No era un traidor oculto, sino uno de los líderes de la revolución: Daniel Ortega, el actual presidente de Nicaragua y artífice para muchos de una crisis económica y social actual en el país, solo comparable a la de su primer gobierno en los 80.
Para Eliseo Núñez, exdiputado liberal nicaragüense, Ortega ha sido el peor legado de la revolución sandinista, la cual pasó sus 11 años de existencia intentando sobrevivir a la contrarrevolución financiada por Estados Unidos.
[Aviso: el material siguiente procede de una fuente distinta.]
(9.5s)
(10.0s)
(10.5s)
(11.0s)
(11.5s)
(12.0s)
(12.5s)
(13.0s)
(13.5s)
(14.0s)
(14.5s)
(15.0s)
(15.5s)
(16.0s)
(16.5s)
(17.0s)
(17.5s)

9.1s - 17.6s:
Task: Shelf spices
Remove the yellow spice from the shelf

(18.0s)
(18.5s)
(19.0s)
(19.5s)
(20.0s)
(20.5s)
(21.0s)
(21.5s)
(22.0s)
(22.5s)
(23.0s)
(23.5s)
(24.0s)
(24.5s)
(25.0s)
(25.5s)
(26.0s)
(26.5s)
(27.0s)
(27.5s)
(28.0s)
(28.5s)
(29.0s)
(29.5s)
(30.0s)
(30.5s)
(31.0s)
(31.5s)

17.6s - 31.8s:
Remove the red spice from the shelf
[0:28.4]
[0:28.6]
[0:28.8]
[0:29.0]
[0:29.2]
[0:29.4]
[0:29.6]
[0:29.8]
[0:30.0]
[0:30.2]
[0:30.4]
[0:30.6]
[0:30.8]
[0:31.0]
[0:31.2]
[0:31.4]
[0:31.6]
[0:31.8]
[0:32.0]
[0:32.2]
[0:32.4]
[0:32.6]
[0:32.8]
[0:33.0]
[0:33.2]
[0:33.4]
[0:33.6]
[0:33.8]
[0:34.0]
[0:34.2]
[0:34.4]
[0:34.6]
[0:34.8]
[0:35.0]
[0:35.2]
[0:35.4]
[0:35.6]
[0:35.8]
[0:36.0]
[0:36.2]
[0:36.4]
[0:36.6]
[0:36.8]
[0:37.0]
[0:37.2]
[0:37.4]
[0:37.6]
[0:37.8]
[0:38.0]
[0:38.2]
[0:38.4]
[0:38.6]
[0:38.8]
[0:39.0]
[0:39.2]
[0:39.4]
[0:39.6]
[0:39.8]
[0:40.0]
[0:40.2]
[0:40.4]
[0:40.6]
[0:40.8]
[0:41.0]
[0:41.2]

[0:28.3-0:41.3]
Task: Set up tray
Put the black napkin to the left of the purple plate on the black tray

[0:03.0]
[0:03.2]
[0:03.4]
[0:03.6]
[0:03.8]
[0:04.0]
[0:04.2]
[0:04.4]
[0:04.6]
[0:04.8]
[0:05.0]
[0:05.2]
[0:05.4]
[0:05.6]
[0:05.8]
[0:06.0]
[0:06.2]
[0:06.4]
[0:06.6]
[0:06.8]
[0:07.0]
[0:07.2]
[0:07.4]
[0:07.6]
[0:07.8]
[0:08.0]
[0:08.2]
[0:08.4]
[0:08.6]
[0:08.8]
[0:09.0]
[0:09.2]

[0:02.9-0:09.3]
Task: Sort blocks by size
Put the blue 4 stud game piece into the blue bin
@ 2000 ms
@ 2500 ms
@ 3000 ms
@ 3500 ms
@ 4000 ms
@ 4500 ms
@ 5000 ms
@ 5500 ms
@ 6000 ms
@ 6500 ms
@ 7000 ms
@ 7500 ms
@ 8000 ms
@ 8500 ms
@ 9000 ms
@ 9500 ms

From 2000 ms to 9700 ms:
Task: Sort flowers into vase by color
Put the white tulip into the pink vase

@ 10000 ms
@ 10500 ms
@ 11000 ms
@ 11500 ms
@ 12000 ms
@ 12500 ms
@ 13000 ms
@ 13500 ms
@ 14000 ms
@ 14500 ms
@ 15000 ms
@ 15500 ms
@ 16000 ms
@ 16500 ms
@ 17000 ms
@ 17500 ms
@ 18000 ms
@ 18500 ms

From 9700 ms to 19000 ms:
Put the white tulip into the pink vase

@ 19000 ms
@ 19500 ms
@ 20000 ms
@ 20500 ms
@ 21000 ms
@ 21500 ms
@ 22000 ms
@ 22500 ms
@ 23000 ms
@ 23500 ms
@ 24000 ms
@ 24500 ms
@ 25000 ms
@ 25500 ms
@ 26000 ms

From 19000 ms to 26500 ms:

Durante los 80, Ortega instauró el servicio militar patriótico, obligatorio para jóvenes de 17 a 25 años, con el objetivo de enfrentar a la “contra”. La guerra civil cobró 38.000 vidas, entre ellas, la del hijo más querido de Cardenal, Laureano Mairena.
El joven, de alguna forma, representaba las dos causas en las que había creído el sacerdote, la revolución y la fe, que se desmoronaron en la misma década. Primero, con su expulsión como sacerdote por parte de Juan Pablo II y, luego, con el fin de la revolución en 1990 sin haber cumplido su promesa de equidad social.
Quizá por eso, en 1993, le dijo al difunto Mairena en uno de sus poemas que lo mejor hubiera sido morir de la forma que él lo hizo, como un mártir, antes que vivir para ver desdibujarse los dos propósitos en los que había creído, el sacerdocio y la revolución.
Pero si algo le dio la vida a Cardenal fue tiempo. Suficiente para ver volver en el poder a Ortega en 2006. Bajo el nombre del sandinismo, este instauró un sistema no muy distinto al de Somoza, dictatorial y familiar, con su esposa, Rosario Murillo como vicepresidenta.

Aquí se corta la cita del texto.